● Study material
━━━━━━━━━━━━━━━━━━━━

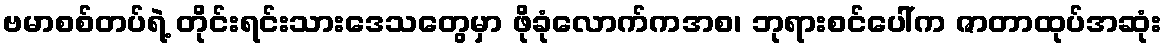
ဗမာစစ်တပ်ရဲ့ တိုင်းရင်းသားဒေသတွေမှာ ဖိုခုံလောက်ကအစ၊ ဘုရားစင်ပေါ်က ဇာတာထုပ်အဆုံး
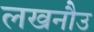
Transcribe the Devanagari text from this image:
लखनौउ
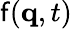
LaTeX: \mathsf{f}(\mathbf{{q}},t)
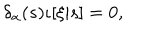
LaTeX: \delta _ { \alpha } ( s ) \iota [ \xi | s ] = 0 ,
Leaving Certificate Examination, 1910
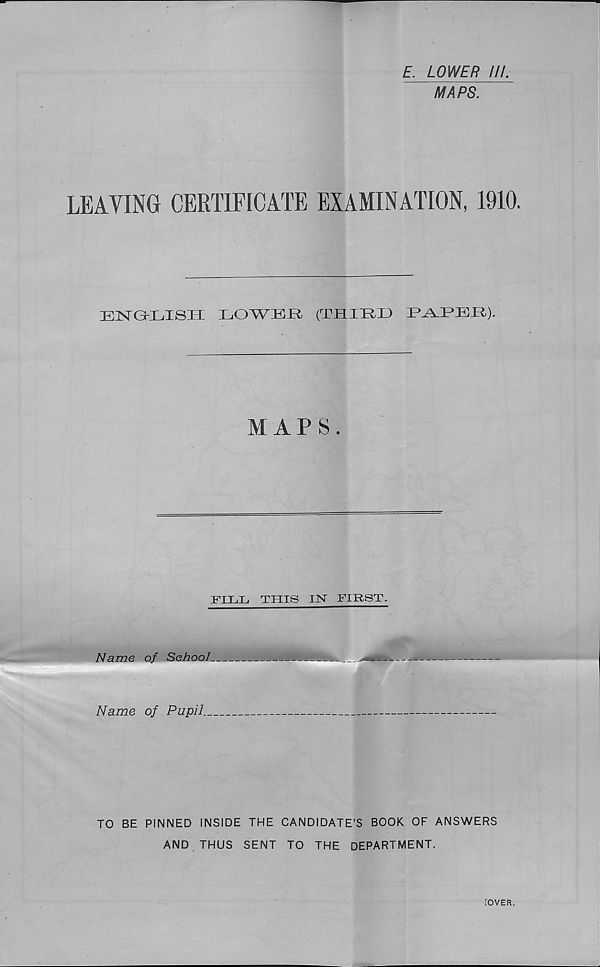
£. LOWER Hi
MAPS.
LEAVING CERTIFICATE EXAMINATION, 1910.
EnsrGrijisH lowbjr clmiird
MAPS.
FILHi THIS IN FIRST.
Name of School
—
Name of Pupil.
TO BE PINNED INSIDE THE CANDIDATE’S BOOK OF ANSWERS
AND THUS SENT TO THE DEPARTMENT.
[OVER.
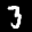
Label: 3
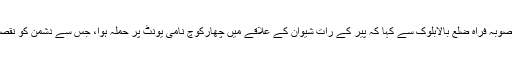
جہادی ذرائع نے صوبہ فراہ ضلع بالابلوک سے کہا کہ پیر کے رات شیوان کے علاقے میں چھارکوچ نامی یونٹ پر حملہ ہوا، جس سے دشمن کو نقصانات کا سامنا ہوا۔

━━━━━━━━━━━━━━━━━━━━

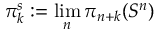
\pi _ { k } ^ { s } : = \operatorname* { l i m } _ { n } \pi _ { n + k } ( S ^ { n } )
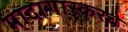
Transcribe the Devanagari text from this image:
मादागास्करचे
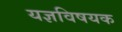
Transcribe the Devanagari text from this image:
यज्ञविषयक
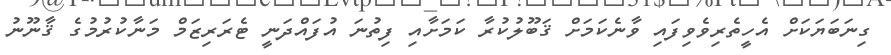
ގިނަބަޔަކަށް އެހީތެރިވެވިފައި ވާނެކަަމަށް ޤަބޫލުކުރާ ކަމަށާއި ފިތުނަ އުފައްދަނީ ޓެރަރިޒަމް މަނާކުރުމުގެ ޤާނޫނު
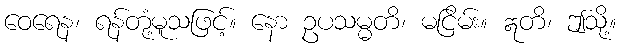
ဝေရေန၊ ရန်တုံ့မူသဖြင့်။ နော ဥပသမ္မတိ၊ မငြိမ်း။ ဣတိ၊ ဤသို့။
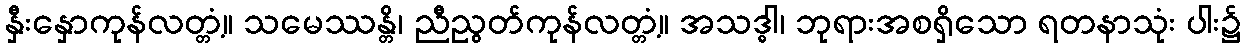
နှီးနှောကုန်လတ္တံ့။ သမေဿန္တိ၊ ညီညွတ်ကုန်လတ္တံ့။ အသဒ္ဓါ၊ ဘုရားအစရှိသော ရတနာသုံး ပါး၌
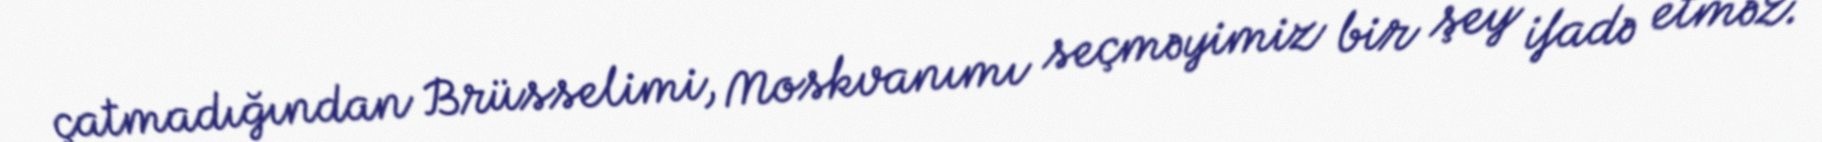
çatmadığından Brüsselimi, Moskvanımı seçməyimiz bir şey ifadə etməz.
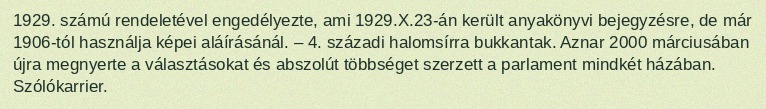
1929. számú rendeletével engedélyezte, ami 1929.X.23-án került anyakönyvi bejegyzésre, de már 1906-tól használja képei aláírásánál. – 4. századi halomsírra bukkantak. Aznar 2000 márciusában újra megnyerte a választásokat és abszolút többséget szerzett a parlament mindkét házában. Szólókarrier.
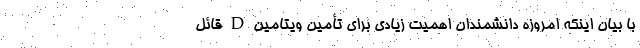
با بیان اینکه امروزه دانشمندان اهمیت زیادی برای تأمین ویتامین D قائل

━━━━━━━━━━━━━━━━━━━━

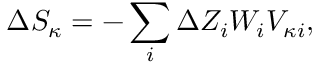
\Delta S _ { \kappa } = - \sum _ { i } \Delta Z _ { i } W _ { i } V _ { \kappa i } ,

━━━━━━━━━━━━━━━━━━━━

● Exercise requirements
Output only the lines above from the one containing "ဗမာစစ်တပ်ရဲ့ တိုင်းရင်းသားဒေသတွေမှာ ဖိုခုံလောက်ကအစ၊" to the one containing "جہادی ذرائع نے", both included, exactly as written and with no pictures.

● Exercise response
ဗမာစစ်တပ်ရဲ့ တိုင်းရင်းသားဒေသတွေမှာ ဖိုခုံလောက်ကအစ၊ ဘုရားစင်ပေါ်က ဇာတာထုပ်အဆုံး
Transcribe the Devanagari text from this image:
लखनौउ
LaTeX: \mathsf{f}(\mathbf{{q}},t)
LaTeX: \delta _ { \alpha } ( s ) \iota [ \xi | s ] = 0 ,
Leaving Certificate Examination, 1910
£. LOWER Hi
MAPS.
LEAVING CERTIFICATE EXAMINATION, 1910.
EnsrGrijisH lowbjr clmiird
MAPS.
FILHi THIS IN FIRST.
Name of School
—
Name of Pupil.
TO BE PINNED INSIDE THE CANDIDATE’S BOOK OF ANSWERS
AND THUS SENT TO THE DEPARTMENT.
[OVER.
Label: 3
جہادی ذرائع نے صوبہ فراہ ضلع بالابلوک سے کہا کہ پیر کے رات شیوان کے علاقے میں چھارکوچ نامی یونٹ پر حملہ ہوا، جس سے دشمن کو نقصانات کا سامنا ہوا۔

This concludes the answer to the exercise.